» **PROBLEM DETAILS**
Only the lines from the start of the entries through the line with "Pulmonary opacities, right: 2" are wanted; please output them exactly.

Records from a data collection
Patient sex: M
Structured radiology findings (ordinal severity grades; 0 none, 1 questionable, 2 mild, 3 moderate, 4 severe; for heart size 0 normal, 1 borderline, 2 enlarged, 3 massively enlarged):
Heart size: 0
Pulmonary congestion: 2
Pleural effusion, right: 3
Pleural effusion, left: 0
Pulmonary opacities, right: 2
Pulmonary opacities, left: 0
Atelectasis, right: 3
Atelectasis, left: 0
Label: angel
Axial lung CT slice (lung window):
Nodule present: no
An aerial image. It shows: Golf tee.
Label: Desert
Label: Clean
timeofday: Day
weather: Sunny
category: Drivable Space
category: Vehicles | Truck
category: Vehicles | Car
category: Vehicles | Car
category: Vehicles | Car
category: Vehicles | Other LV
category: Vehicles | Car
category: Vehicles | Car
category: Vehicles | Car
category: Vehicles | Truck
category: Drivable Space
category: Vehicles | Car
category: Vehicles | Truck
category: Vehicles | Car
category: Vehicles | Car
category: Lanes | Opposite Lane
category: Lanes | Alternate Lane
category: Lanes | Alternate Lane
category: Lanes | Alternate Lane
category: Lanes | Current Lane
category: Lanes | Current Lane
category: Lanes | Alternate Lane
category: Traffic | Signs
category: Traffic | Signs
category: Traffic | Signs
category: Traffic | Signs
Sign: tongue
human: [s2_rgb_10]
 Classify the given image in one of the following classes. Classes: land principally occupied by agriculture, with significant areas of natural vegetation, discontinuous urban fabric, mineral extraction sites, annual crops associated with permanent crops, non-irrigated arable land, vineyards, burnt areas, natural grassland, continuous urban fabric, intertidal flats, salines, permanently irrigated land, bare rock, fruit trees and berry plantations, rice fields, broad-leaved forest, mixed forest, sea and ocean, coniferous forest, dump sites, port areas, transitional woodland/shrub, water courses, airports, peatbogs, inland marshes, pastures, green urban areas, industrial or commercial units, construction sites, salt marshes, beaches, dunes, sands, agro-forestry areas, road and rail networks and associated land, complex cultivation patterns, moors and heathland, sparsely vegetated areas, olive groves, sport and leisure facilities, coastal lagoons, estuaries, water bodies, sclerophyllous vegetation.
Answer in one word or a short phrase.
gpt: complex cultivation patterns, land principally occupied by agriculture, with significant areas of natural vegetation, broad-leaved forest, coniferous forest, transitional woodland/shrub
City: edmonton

» **RESPONSE TO THIS EXERCISE**
Patient sex: M
Structured radiology findings (ordinal severity grades; 0 none, 1 questionable, 2 mild, 3 moderate, 4 severe; for heart size 0 normal, 1 borderline, 2 enlarged, 3 massively enlarged):
Heart size: 0
Pulmonary congestion: 2
Pleural effusion, right: 3
Pleural effusion, left: 0
Pulmonary opacities, right: 2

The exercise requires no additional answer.